Trying to restrict a service account to specific divisions for a multi-tenant BPO setup. Created the OAuth client in the UI with division IDs set, but the SDK throws a 403 when initializing. The token request succeeds, but subsequent calls fail. Here’s the init config:
const client = PlatformClient.init({
clientId: 'my-client-id',
clientSecret: 'my-secret',
basePath: 'https://api.mypurecloud.com'
});
Is there a specific scope required for division access?
Checked the SDK docs. The init config you posted is missing the grant type. For client credentials, you need to explicitly pass grantType: 'client_credentials'. Without it, the SDK might default to authorization code flow or fail silently on token retrieval, leading to that 403.
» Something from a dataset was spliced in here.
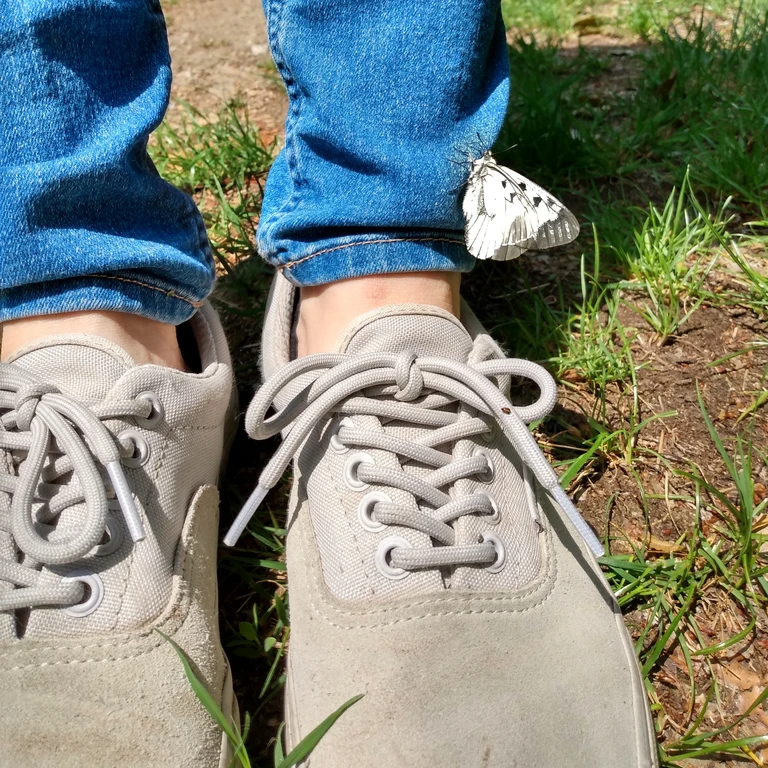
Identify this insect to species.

Also, division restrictions apply to the scopes and the resource endpoints, not just the client creation. Make sure the OAuth client has the admin:division scope if you’re querying division metadata, or specific data scopes like reading:conversation if accessing call data.
Here is the corrected initialization:
const client = PlatformClient.init({
clientId: 'my-client-id',
clientSecret: 'my-secret',
basePath: 'https://api.mypurecloud.com',
grantType: 'client_credentials', // Required for service accounts
scopes: ['admin:division', 'reading:conversation'] // Add required scopes here
});
If it still throws 403, check the API response body. It usually lists the missing permissions. Sometimes the UI lags in propagating division assignments to the auth layer.